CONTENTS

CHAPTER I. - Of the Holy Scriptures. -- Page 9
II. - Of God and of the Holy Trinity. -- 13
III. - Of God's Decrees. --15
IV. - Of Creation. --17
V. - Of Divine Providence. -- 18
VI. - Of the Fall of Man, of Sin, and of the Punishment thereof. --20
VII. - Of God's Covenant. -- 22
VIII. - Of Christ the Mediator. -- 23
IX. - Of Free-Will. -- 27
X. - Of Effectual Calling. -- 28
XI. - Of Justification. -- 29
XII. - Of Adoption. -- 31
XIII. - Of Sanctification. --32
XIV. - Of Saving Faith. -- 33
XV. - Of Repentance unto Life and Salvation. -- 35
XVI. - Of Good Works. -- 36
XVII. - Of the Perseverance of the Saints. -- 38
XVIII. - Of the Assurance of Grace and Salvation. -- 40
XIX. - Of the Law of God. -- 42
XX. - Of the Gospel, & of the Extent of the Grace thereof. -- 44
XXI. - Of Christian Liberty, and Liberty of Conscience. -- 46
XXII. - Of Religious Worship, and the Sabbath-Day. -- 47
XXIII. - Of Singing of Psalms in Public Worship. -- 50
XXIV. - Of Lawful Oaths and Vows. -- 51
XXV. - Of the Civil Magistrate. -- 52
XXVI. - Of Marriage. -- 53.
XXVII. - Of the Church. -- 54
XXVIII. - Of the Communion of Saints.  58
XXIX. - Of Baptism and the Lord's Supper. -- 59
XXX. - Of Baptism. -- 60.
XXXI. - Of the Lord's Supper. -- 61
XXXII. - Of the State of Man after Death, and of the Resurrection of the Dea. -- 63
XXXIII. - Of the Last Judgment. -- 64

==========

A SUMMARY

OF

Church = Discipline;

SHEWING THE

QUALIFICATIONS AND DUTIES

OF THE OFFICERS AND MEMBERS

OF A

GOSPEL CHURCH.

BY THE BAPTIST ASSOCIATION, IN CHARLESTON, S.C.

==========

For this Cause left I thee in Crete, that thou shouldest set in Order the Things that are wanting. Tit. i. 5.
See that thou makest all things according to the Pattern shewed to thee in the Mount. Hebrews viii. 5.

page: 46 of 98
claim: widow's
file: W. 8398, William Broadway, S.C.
++++++
> _Task goal_: The line containing "VI. - Of the" marks the start. Repeat it and every line after it to the end of the listing above, exactly.

> _Answer box_:
VI. - Of the Fall of Man, of Sin, and of the Punishment thereof. --20
VII. - Of God's Covenant. -- 22
VIII. - Of Christ the Mediator. -- 23
IX. - Of Free-Will. -- 27
X. - Of Effectual Calling. -- 28
XI. - Of Justification. -- 29
XII. - Of Adoption. -- 31
XIII. - Of Sanctification. --32
XIV. - Of Saving Faith. -- 33
XV. - Of Repentance unto Life and Salvation. -- 35
XVI. - Of Good Works. -- 36
XVII. - Of the Perseverance of the Saints. -- 38
XVIII. - Of the Assurance of Grace and Salvation. -- 40
XIX. - Of the Law of God. -- 42
XX. - Of the Gospel, & of the Extent of the Grace thereof. -- 44
XXI. - Of Christian Liberty, and Liberty of Conscience. -- 46
XXII. - Of Religious Worship, and the Sabbath-Day. -- 47
XXIII. - Of Singing of Psalms in Public Worship. -- 50
XXIV. - Of Lawful Oaths and Vows. -- 51
XXV. - Of the Civil Magistrate. -- 52
XXVI. - Of Marriage. -- 53.
XXVII. - Of the Church. -- 54
XXVIII. - Of the Communion of Saints.  58
XXIX. - Of Baptism and the Lord's Supper. -- 59
XXX. - Of Baptism. -- 60.
XXXI. - Of the Lord's Supper. -- 61
XXXII. - Of the State of Man after Death, and of the Resurrection of the Dea. -- 63
XXXIII. - Of the Last Judgment. -- 64

==========

A SUMMARY

OF

Church = Discipline;

SHEWING THE

QUALIFICATIONS AND DUTIES

OF THE OFFICERS AND MEMBERS

OF A

GOSPEL CHURCH.

BY THE BAPTIST ASSOCIATION, IN CHARLESTON, S.C.

==========

For this Cause left I thee in Crete, that thou shouldest set in Order the Things that are wanting. Tit. i. 5.
See that thou makest all things according to the Pattern shewed to thee in the Mount. Hebrews viii. 5.

page: 46 of 98
claim: widow's
file: W. 8398, William Broadway, S.C.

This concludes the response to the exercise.